Monday 9 December 2019

an elephant sitting still (w&d hu bo)

Film and context. I’ve just read the wiki entry for Hu Bo, the film’s director, writer and editor. One paragraph instantly throws the four hours of film I watched yesterday into a different light, a prism through which this film is bound to be seen forever more. 

The film itself takes place over the course of a single day. Á la Magnolia or Amores Perros,  it interweaves the stories of four characters in a backwater Chinese city, one which has yet to reap the full benefits of China’s economic transformation. The city is post-industrial, cold, filmed with a washed-out grade, as though colour itself struggles to thrive in this environment. Over the course of four hours we participate in this fateful day, when Wei Bu accidentally kills the brother of a local gangster, Yu Cheng, who himself has witnessed a man committing suicide at the start of the film, after discovering that the gangster has slept with his partner. Death stalks the screen; sooner of later it seems its going to catch up with at least one of the protagonists. 

Four hours is a lot of screen time. The pace is wilfully slow. There are myriad shots of the back of people’s heads as they walk towards the next point in their day’s journey. The director compels us to experience the same lassitude, the same sense of creeping, omniscient despair, that his characters face. Secondary characters, parents or school staff, live in a vortex of rage or petty corruption. When the hunter Yu Cheng and hunted, Wei Bu finally meet, this despair gives way to a Beckettian humour. Both laugh bleakly together at the absurdity of the game they have been caught up in. The poetic motif of a motionless elephant, which is part of a travelling circus in another city, nearby, unites them. For both, life is like the elephant, a vast, useless alien which just sits around, provoking curiosity by the mere fact of its existence. And, of course, the film itself is also the elephant, this extended, unwieldy body of time, which seeks to be so vast that it encapsulates every aspect of these characters’ harsh lives, but does so going nowhere. It too has provoked curiosity by the mere fact of its presence, an unwieldy suicide note.

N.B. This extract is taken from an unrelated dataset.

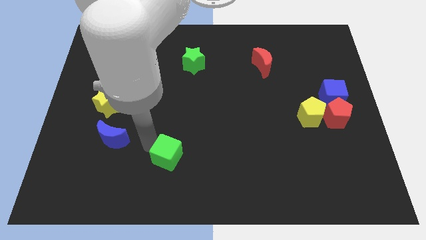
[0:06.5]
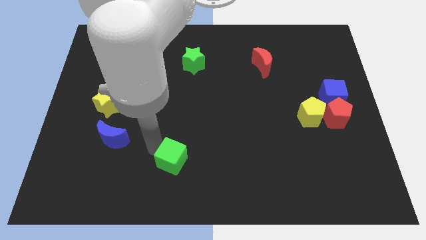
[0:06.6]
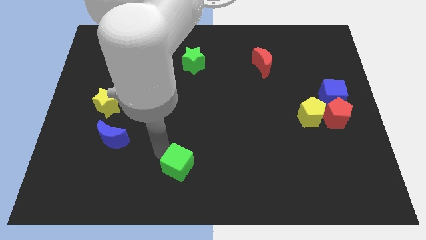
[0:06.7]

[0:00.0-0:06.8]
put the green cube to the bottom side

Because, I learn from Wiki, Hu Bo himself is no longer with us. He committed suicide after the film was completed. A startling fact which seems to warp the density of this movie, giving it an immortal element. The director might not walk the earth anymore, but he lives on through his art. As though it is sending a sign that the sitting elephant can and will move at some point. And when it does, be careful, because it will tread on you.